Tâceddin es-Sübkî tercih ettiği görüşü genellikle önce verip ardından diğer görüşlere temas etmekte, bazan da hepsini ortaya koyup daha sonra tercihini belirtmektedir. Fakat müellifin tercihi Şâfiî ekolünde yaygın olarak kabul gören görüşten, bilhassa İbnü’l-Hâcib ve Beyzâvî’nin tercihinden genelde ayrı değildir. Eserde görüş ve tercihlerin gerekçelerine ve karşı itirazlara yer verilmez. Müellif, Minhâcü’l-vüṣûl’de yer alan delilleri ihtisar amacıyla kitabına almadığını, sadece meşhur kitaplarda açıkça belirtilmeyen delilleri zikrettiğini ifade etmektedir (Cemʿu’l-cevâmiʿ, II, 438). Ancak Sübkî, çok az yerde de olsa İbnü’l-Hâcib ve Beyzâvî’ye aykırı görüş beyan etmekte ve muhalefetinin önemine dikkat çekmektedir (a.g.e., II, 438).

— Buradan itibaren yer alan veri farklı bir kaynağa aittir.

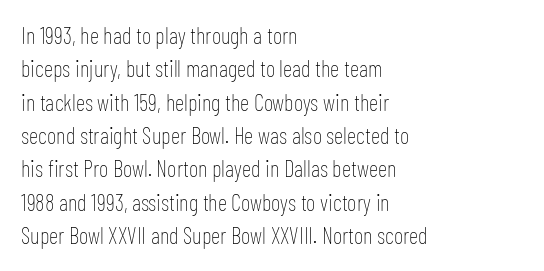
How would I describe the line gaps? Plain and ordinary. Just letters on the line, the space beneath them empty. Alignment: flush left. In terms of posture, this sample is upright.

Eserde meşhur usulcüler isimlerinden çok, çağdaşı diğer kitaplarda olduğu gibi onlara alem olan lakaplarla anılır. Meselâ; “kādî” Ebû Bekir el-Bâkıllânî, “kādıyân” Bâkıllânî ve Kādî Abdülcebbâr, “üstâz” Ebû İshak el-İsferâyînî, “imam” Fahreddin er-Râzî, “imamân” İmâmü’l-Haremeyn el-Cüveynî ile Fahreddin er-Râzî, “şeyh” Ebü’l-Hasan el-Eş‘arî, “eş-şeyh el-imâm” babası Takıyyüddin es-Sübkî isimlerini ifade etmektedir.

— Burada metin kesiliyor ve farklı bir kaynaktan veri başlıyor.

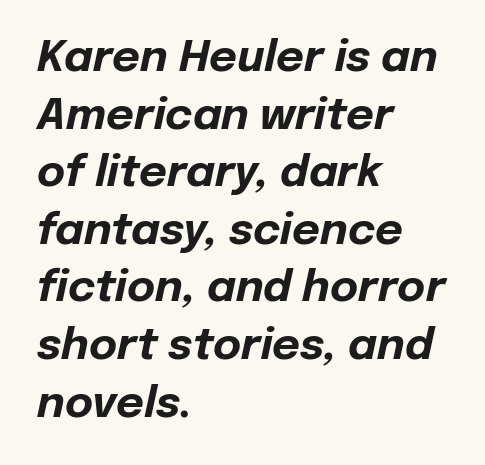
The image shows 43 px bold type, italic (leaning right); set left-aligned, normal line spacing (1.34x), normal letter spacing, not underlined; low stroke contrast and a medium x-height.
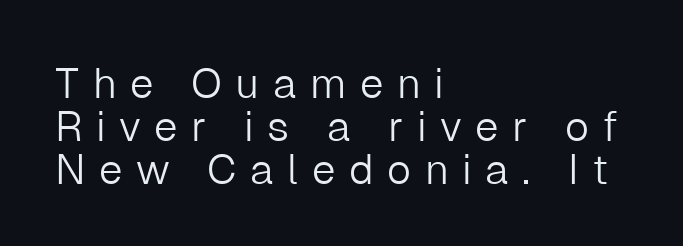
The image shows 42 px light sans-serif type, upright; set left-aligned, tight line spacing (1.02x), unusually wide letter spacing (+0.32 em), not underlined; low stroke contrast and a medium x-height.
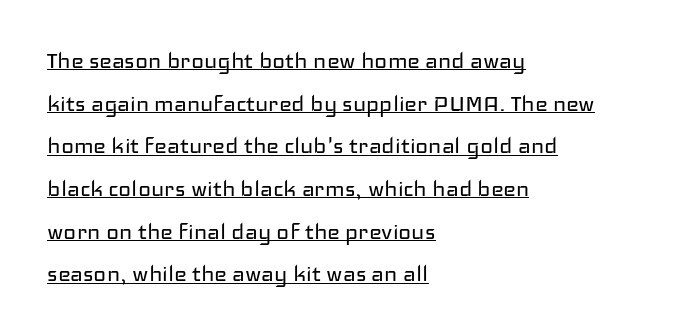
No italicization has been applied; the sample stays upright. The lines in this sample share a left origin and differ only in where they stop. This is not heavy type; no bold has been used. A rule runs beneath these lines of type.

Cemʿu’l-cevâmiʿ, daha önce telif edilen klasik usul kitaplarını muhtasar da olsa derlediği için hem çağdaşları hem de sonraki âlimler tarafından itibar görmüş, medreselerde yüzyıllar boyunca okutulmuş, zamanla fıkıh usulünün klasik eserleri arasına girmiştir. Üzerinde birçok şerh, hâşiye ve ihtisar çalışması yapılmış olan eser ayrıca nazma çekilmiş ve bu çalışmalarla birlikte defalarca basılmıştır.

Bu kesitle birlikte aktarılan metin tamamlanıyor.